Sometimes when I drive past an electronic tollway collection sensor, I wonder about the amount of data it must generate. I’m no expert on such technology, but at a minimum, the RFID sensor has to read the chip in your car, and log the date and time plus your RFID info, and then a camera takes a picture to catch any potential violators. Now multiply that data times the hundreds of thousands of cars that drive such roads every day, times the number of sensors they pass, and I’m quite sure this number exceeds several million messages per day.
Then, of course, these messages must be sent – via TCP, say – to some geographically-distant server, where they can be organized and stored on permanent disk for further processing. Later, a series of large applications will access these records to send out requests for payment and other transactions, or to transform the data in some way, perhaps to cross-check these tollway collection data points with vehicle registration records.
This is but one real-world example of “Big Data in Motion”: lots and lots of detail records, streaming in real time, that must be efficiently collected and stored for viewing and analysis, possibly even in near-real-time. And this is just one highly-visible example among thousands in today’s information-saturated world. Many of these systems are now hitting, or will soon hit, their built-in limitations for scale, performance, and flexibility.
It works, yes. But it could also have worked this way back in, say, 1992. Way back, before the explosion of the Internet and divergent data types and platforms, before JMS and web applications, before the need for intra-day information to make faster decisions and reconcile errors sooner.
We are using very old technology to tackle a very new problem. There must be a better way.
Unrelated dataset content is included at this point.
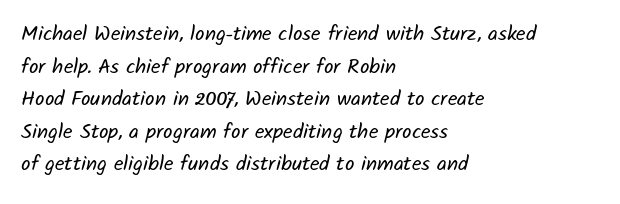
{"bold": "no", "underline": "no", "align": "left", "line_spacing": "normal", "line_spacing_ratio": 1.55, "letter_spacing": "normal", "letter_spacing_em": 0.0, "glyph_px": 21}

Now, with Informatica® Ultra Messaging® and B2B Data Transformation, you can streamline and simplify Big Data in Motion processes like this in a variety of ways.
For instance, capture and archive raw sockets data – such as TCP or UDP data from many remote or mobile devices, using the Raw Reception Modules from the Informatica Marketplace (see below). Subsequently, in near-real-time, one or more “subscribing” applications – such as a JMS application – can retrieve or replay this raw data using a topic name, just like with any other UM topic-based message (the topic name is unique per raw TCP or UDP sender). Or, leverage the power of Power Center by connecting it with the JMS API in Ultra Messaging.
There’s no need for a big, slow, expensive database to house saved data, because the archive function of Ultra Messaging Cache Option uses a lightweight internal database that is tuned for high performance, even with the very high volumes often found with streaming data.
And because of the shared API (JMS, Java, .NET, C/C++) of Ultra Messaging, the data is more easily accessible, directly from a wide variety of applications, and across all messaging use cases, from streaming (reliable) to persistence (guaranteed) and queuing (once-and-only-once).
If you also need to transform this data, you might add the Data Transformation Processing Module (see below). The data is transformed just before the archiving step; thus, the transformed data is available for immediate consumption by any number of applications on the Ultra Messaging bus. Use the B2B user interface to define the transformation, or use one of the many predefined standards and protocols across many industries.
Still another application of these technologies is High Performance Data Analytics (HPDA), which adds an MPP database to the mix to provide intra-day access to key business analytics. Instead of waiting overnight, or even a few days, you can now gain access to vital information much quicker, reducing your risk and increasing business agility to make better and faster decisions.
The big picture is that the JMS API at the back end, and the ability to ingest and archive raw sockets data at the front end, make for a powerful combination.